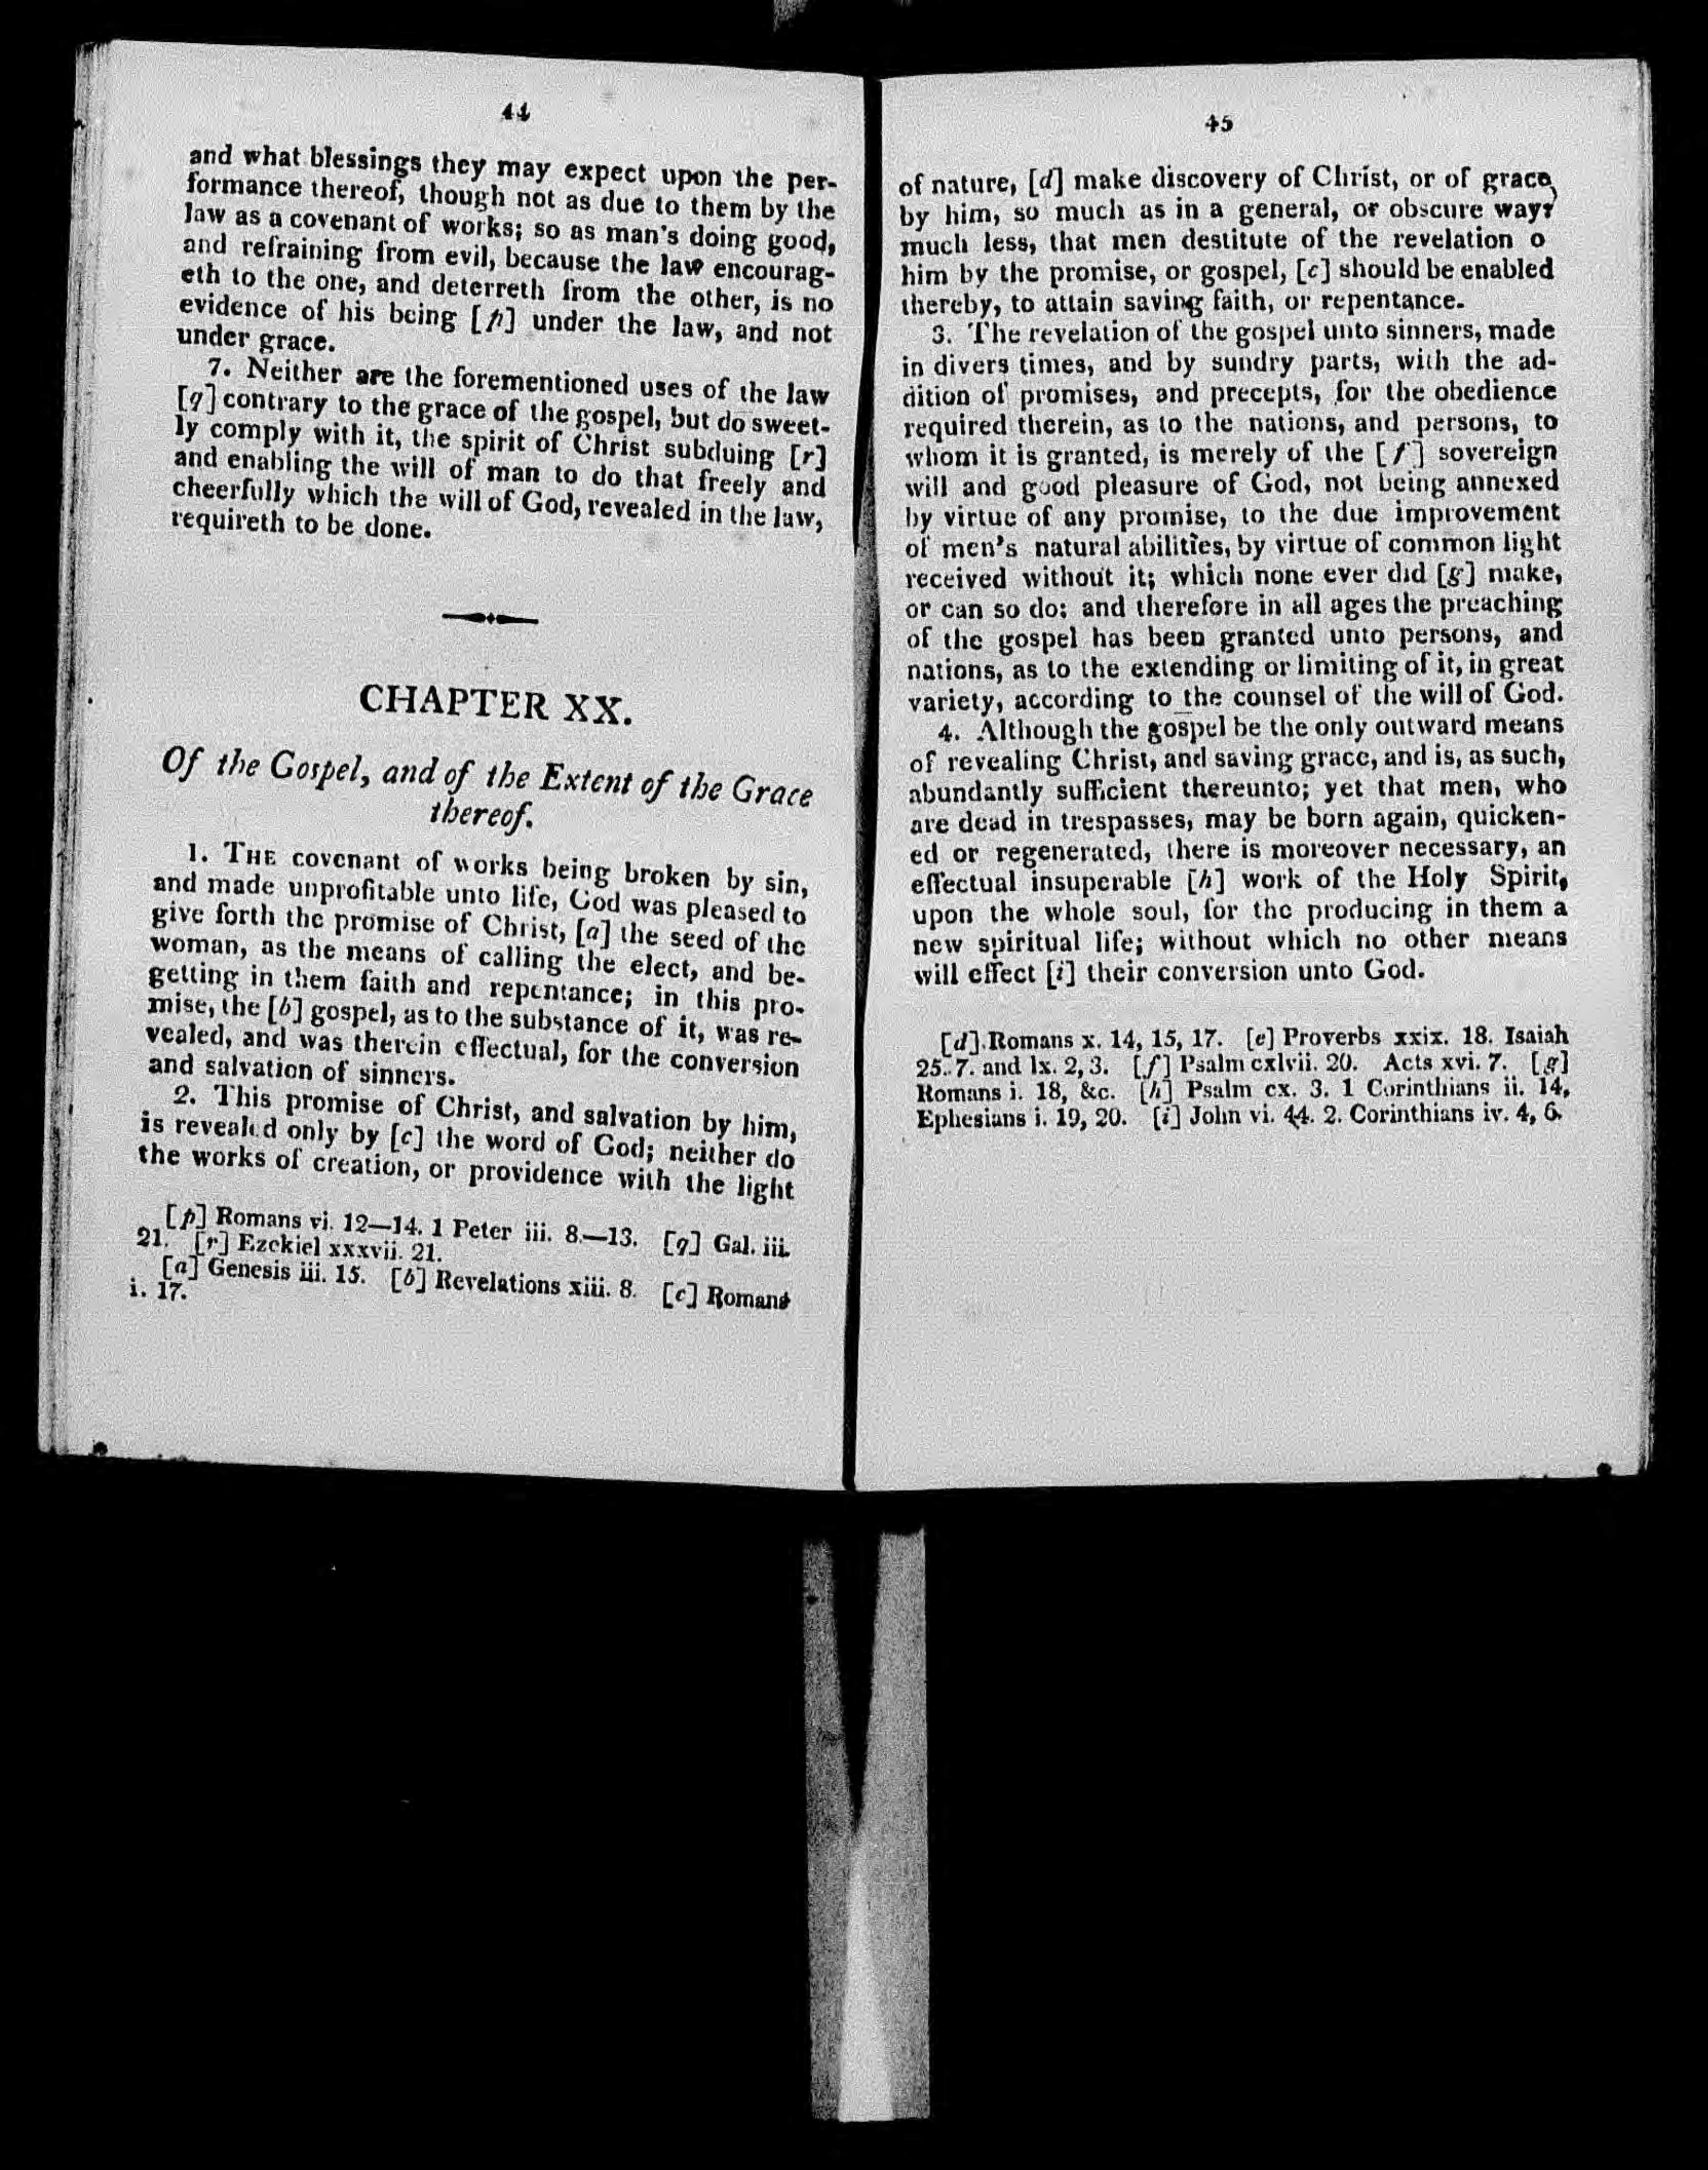44
and what blessings they may expect upon the performance
thereof, though not as due to them by the
law as a covenant of works; so as man's doing good,
and refraining from evil, because the law encourageth
to the one, and deterreth from the other, is no
evidence of his being [p] under the law, and not
under grace.
7 Neither are the forementioned uses of the law
[q] contrary to the grace of the gospel, but do sweetly
comply with it, the spirit of Christ subduing [r] 
and enabling the will of man to do that freely and
cheerfully which the will of God, revealed in the law,
requireth to be done.
CHAPTER XX.
Of the Gospel, and of the Extent of the Grace
thereof
1. THE covenant of works being broken by sin,
and made unprofitable unto life, God was pleased to
give forth the promise of Christ, [a] the seed of the
woman, as the means of calling the elect, and begetting
in the faith and repentance; in this promise, the [b]  gospel, as to the substance of it, was revealed, and was therein effectual, for the conversion
and salvation of sinners.
2. This promise of Christ, and salvation by him,
is revealed only by [c] the word of God; neither do
the works of creation, or providence with the light

[p] Romans vi. 12–14, 1 Peter iii. 8–13. (a) Gal. iii. 
21. [r] Ezekiel xxxvii. 21.
[a] Genesis ii1. 15. [b] Revelations xiii. 8. Romans i.17.

45
of nature, [d] make discovery of Christ, or of grace
by him, so much as in a general, or obscure way
much less, that men destitute of the revelation of
him by the promise, or gospel, [e] should be enabled
thereby, to attain saving faith, or repentance.
3. The revelation of the gospel unto sinners made
in divers times, and by sundry parts, with the addition
of promises, and precepts, for the obedience
required therein, as to the nations, and persons, to
whom it is granted, is merely of the [f] sovereign
will and good pleasure of God, not being annexed
by virtue of any promise, to the due improvement
of men's natural abilities, by virtue of common light
received without it; which none ever did [g] make,
or can so do; and therefore in all ages the preaching
of the gospel has been granted unto persons, and
nations, as to the extending or limiting of it, in great
variety, according to the counsel of the will of God.
4. Although the gospel be the only outward means
of revealing Christ, and saving grace, and is, as such,
abundantly sufficient thereunto; yet that men, who
are dead in trespasses, may be born again, quicken
ed or regenerated, there is moreover necessary, an
effectual insuperable [h] work of the Holy Spirit,
upon the whole soul, for the producing in them a
new spiritual life; without which no other means
will effect [i] their conversion unto God.
[d] Romans x 14, 15, 17.  [e] Proverbs xxix. 18. Isaiah
25.7, and lx. 2, 3. [f]  Psalm cxlvii. 20. Acts xvi. 7.
[g] Romans i18, &c. [h] Psalm cx 3. 1 Corinthians ii. 14,
Ephesians i. 19, 20. [i] John vii. 44. 2. Corinthians iv. 4, 6.

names: John, Peter, Isaiah, Ezekiel
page: 34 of 98
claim: widow's
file: W. 8398, William Broadway, S.C.

※

Instructions for the task>
Everything from the line with "[g] Romans i18, &c." to the end of the listing, and only that, is to be set down exactly, line by line.

Answer to this exercise>
[g] Romans i18, &c. [h] Psalm cx 3. 1 Corinthians ii. 14,
Ephesians i. 19, 20. [i] John vii. 44. 2. Corinthians iv. 4, 6.

names: John, Peter, Isaiah, Ezekiel
page: 34 of 98
claim: widow's
file: W. 8398, William Broadway, S.C.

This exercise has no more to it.